Source records:
Segment Open

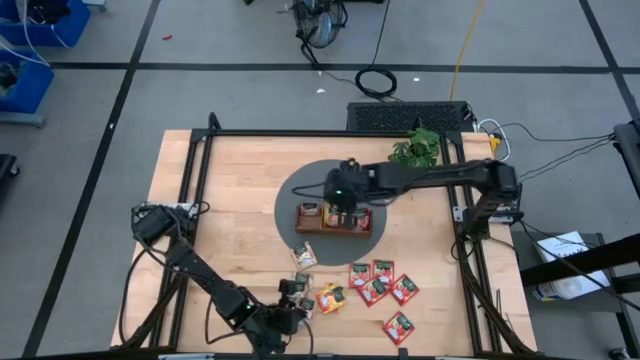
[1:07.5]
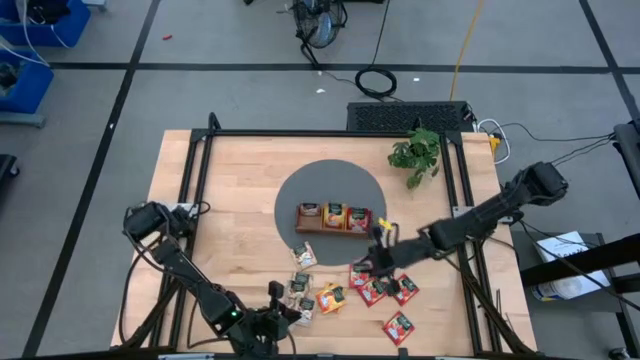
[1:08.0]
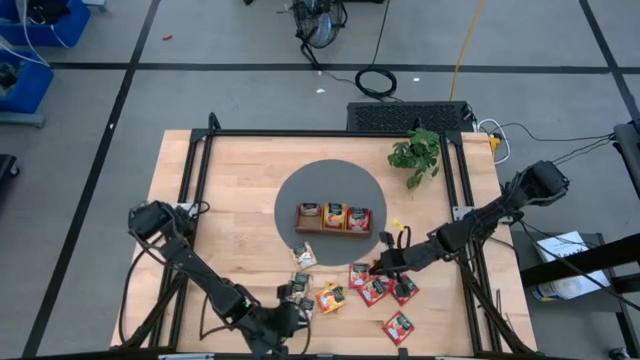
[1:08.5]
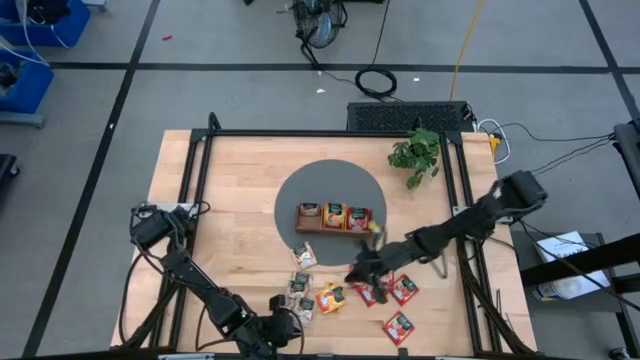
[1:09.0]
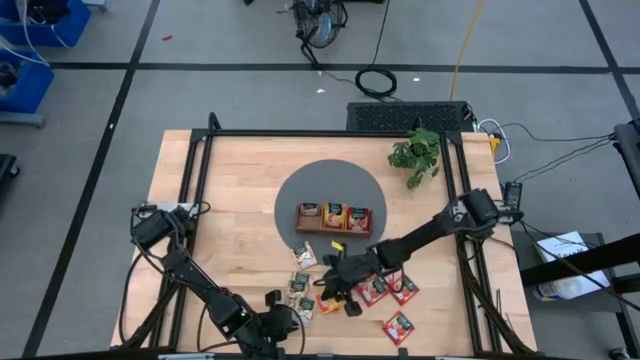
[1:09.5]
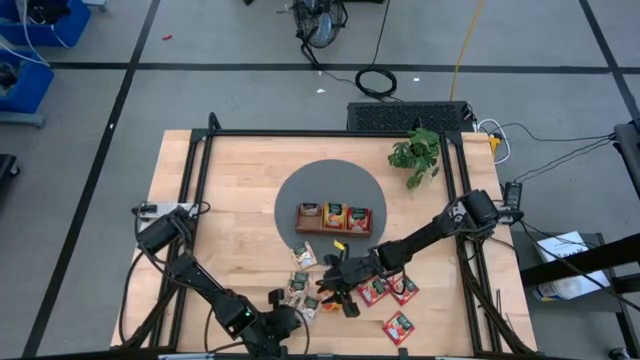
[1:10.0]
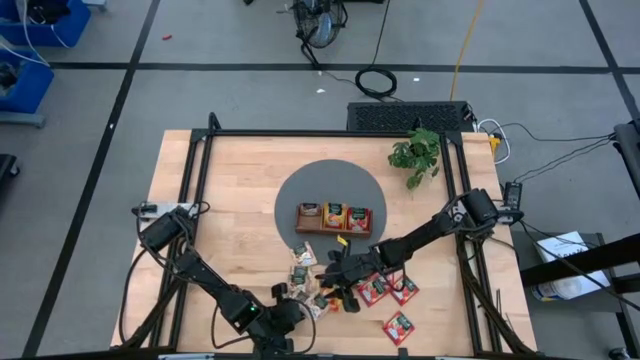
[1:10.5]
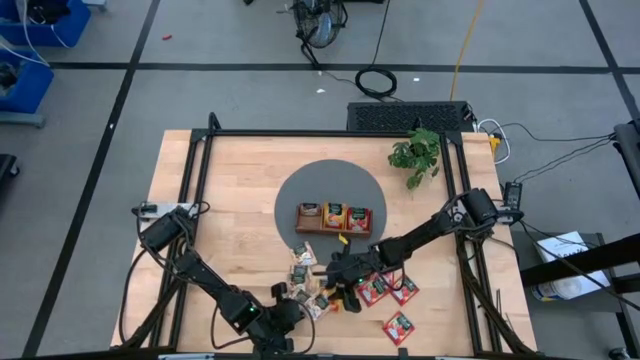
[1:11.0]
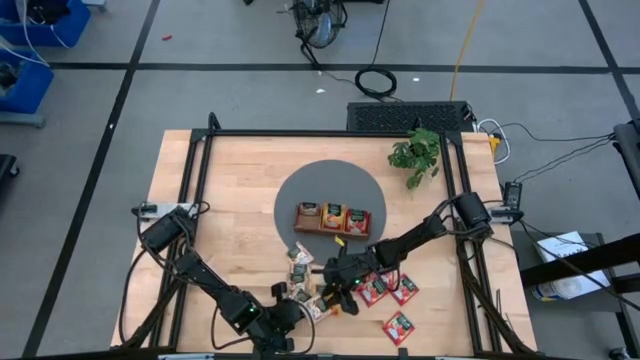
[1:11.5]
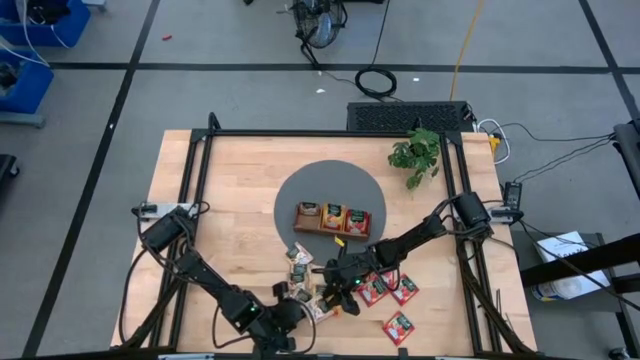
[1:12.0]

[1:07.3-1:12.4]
Task: Pick & Place Tea
Put the brown tea bag into the left section of the wooden organizer

Segment Closed

_Problem statement:_ Restate every record above word for word, without images.

_Response below:_
[1:07.5]
[1:08.0]
[1:08.5]
[1:09.0]
[1:09.5]
[1:10.0]
[1:10.5]
[1:11.0]
[1:11.5]
[1:12.0]

[1:07.3-1:12.4]
Task: Pick & Place Tea
Put the brown tea bag into the left section of the wooden organizer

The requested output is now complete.